Railway station in New South Wales, Australia

Scarborough railway station is a heritage-listed railway station on the South Coast railway line in New South Wales, Australia. It serves the seaside village of Scarborough. It was added to the New South Wales State Heritage Register on 2 April 1999.

==History==

Scarborough was originally known as South Clifton. A hotel named the Scarborough Hotel opened in the area in 1887. Scarborough may be named after the seaside resort in Yorkshire, England; or after one of the convict transport vessels in the First Fleet. The name Scarborough means "Fort on the Rock". The first subdivision of the area took place c. 1886–1887 and was advertised as "1st subdivision Town of Clifton, on Illawarra Line, 36 miles from Sydney". By the early 20th century, the Scarborough area, like Austinmer and Thirroul, had developed a reputation as a tourist resort.

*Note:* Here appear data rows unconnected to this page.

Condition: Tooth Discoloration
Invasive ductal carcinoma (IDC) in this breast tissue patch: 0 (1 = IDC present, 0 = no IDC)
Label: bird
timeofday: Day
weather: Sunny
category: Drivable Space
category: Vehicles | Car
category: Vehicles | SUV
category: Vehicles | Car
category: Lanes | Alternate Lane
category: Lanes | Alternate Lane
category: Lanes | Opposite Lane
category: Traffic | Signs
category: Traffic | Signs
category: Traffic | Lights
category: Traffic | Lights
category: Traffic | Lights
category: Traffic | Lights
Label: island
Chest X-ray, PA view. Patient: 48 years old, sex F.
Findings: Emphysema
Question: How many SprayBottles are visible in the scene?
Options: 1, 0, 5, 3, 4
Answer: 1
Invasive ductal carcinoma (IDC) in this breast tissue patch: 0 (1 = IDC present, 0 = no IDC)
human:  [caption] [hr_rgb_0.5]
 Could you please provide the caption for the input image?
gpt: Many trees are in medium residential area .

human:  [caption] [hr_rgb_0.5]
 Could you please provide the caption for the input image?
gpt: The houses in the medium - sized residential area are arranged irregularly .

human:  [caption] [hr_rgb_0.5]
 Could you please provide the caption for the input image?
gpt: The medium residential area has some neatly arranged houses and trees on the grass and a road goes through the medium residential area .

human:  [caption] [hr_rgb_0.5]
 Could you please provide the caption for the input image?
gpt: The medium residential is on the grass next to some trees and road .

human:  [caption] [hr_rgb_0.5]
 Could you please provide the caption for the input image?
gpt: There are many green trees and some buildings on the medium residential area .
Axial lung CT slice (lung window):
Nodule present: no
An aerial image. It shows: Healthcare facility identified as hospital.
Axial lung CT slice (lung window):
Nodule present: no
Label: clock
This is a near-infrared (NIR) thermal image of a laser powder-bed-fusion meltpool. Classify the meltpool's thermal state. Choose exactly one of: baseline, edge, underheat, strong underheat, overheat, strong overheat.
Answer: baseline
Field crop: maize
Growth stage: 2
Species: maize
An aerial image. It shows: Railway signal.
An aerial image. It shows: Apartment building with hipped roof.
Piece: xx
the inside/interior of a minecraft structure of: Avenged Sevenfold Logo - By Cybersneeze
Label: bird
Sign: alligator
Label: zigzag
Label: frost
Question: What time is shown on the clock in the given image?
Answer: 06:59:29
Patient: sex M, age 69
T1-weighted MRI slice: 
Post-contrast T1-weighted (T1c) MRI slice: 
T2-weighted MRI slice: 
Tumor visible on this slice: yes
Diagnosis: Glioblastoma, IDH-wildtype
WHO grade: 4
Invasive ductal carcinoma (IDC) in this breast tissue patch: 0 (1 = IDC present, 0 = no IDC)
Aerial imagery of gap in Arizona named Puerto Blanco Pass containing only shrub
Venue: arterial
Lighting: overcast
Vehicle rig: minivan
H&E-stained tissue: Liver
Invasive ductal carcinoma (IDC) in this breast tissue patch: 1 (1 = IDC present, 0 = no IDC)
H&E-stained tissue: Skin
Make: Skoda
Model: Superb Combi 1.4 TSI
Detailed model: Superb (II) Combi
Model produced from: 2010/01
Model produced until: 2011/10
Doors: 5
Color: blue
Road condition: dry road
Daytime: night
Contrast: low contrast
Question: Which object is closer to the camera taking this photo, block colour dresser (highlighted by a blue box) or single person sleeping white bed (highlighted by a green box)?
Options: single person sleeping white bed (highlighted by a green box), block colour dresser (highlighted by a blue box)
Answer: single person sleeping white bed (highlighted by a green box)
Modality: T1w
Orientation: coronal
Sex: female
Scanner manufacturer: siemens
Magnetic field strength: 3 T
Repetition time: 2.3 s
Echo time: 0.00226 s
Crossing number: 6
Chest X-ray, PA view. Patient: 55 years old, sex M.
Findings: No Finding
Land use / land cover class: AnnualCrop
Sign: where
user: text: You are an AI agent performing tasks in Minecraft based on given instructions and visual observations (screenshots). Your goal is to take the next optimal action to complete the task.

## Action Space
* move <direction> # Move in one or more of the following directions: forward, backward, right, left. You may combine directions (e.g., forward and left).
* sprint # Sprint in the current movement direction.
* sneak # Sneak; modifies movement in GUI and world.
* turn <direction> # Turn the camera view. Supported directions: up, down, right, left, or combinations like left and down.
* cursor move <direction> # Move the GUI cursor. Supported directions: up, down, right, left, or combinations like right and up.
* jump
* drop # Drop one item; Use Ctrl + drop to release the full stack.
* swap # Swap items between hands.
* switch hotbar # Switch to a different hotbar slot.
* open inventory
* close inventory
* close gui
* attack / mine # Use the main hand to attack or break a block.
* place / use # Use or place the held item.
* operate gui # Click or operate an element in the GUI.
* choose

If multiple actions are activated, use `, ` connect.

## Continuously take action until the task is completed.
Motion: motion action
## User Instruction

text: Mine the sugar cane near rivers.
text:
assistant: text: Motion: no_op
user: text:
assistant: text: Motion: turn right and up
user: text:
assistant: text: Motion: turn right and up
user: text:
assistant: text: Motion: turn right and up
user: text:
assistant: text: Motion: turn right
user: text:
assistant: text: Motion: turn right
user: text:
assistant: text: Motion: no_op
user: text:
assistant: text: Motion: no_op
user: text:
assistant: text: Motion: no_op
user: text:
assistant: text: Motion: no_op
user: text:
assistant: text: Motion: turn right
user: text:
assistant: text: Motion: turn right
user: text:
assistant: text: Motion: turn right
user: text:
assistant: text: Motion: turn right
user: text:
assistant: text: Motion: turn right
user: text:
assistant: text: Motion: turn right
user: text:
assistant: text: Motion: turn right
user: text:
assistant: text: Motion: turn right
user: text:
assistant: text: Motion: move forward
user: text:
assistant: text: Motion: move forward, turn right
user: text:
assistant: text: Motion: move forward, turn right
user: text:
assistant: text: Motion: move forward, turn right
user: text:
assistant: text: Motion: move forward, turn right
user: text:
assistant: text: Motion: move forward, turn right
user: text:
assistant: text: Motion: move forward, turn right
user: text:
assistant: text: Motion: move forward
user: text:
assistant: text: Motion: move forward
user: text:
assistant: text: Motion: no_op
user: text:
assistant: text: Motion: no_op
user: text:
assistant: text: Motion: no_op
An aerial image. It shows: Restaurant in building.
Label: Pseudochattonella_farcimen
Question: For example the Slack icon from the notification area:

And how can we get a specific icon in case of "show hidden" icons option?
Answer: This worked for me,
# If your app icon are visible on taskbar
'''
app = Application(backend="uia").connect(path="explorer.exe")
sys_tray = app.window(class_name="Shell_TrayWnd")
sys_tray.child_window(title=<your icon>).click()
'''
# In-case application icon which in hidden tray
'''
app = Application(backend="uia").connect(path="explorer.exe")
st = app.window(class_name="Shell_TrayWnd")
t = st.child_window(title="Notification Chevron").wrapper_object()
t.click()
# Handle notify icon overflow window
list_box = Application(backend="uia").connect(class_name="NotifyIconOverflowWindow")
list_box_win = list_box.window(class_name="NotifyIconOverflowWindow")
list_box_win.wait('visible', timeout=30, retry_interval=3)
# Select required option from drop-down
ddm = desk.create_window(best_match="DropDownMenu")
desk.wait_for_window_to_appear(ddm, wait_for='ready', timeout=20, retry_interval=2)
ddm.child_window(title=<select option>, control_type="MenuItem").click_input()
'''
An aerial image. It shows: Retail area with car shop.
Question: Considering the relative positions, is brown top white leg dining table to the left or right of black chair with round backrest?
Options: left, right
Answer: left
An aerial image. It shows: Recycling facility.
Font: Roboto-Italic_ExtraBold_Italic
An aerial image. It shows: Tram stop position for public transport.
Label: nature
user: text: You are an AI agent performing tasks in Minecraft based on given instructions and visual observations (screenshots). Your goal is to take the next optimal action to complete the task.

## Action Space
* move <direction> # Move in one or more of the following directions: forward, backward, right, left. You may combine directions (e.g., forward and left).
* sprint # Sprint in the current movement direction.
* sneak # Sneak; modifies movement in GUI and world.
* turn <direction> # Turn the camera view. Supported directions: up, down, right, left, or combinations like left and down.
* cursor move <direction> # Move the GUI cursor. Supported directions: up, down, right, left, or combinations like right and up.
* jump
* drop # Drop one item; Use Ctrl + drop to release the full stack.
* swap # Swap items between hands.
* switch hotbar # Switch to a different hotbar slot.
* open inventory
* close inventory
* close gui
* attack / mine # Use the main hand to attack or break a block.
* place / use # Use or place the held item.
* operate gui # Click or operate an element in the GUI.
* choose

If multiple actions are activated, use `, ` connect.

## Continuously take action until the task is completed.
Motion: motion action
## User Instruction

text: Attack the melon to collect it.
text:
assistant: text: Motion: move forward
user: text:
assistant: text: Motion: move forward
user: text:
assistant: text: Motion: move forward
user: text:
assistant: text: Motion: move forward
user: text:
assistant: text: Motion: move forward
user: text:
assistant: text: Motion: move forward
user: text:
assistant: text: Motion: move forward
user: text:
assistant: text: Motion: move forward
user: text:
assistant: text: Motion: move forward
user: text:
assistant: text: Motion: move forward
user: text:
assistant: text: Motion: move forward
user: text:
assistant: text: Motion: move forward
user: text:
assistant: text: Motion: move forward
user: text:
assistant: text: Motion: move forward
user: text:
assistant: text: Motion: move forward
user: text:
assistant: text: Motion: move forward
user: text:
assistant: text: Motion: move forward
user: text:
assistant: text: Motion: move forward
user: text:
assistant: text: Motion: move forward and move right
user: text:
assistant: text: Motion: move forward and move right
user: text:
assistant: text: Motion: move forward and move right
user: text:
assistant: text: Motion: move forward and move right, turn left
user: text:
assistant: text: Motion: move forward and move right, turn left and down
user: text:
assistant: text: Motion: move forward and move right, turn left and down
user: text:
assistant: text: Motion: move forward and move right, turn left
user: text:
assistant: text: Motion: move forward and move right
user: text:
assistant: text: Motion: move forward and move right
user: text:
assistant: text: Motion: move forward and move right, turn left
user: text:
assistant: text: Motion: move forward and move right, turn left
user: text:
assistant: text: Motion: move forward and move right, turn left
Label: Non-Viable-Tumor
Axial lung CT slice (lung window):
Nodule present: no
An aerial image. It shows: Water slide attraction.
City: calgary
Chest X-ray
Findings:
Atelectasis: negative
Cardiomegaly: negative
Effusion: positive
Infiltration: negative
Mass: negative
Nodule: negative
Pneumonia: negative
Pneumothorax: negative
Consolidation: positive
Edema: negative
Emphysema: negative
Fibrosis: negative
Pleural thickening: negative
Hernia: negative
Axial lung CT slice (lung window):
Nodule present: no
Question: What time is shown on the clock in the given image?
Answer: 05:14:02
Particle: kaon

The railway station first opened on 21 June 1887 as Clifton, on a site south of the present station. When the station originally opened in 1887 it was the northern terminus on the isolated part of the Illawarra line which at that time extended to Wollongong. With the renaming of North Clifton station to Clifton on 3 October 1888, the first Clifton station was renamed South Clifton. On 1 October 1903, South Clifton was renamed Scarborough. The duplication of the railway line resulted in the original station being resited, with the new station site opening on 15 August 1915. The northbound Clifton station was closed at this time, and Scarborough was once again renamed Clifton. However the next year, the station's name was reverted back to Scarborough, on 21 January 1916. The original 1887 timber platform building at Scarborough was relocated to Thirroul in 1915.

The platform buildings constructed at Scarborough in 1915 were standard brick station buildings which form a matching pair opposite each other and on the "Down" platform there is a detached brick Out-of-room from the same date.

The site originally had an overhead booking office and a signal box which have since been removed. The brick walled remains of an old carriage dock and a brick 1915 freight bank and remains of brick steps were noted on site previously but no longer appear to be extant. A yard formerly existed south of the station for the South Clifton Colliery.

==Platforms and services==
Scarborough has two side platforms and is serviced by Sydney Trains South Coast line services travelling between Waterfall and Port Kembla. Some peak hour and late night services operate to Sydney Central, Bondi Junction and Kiama.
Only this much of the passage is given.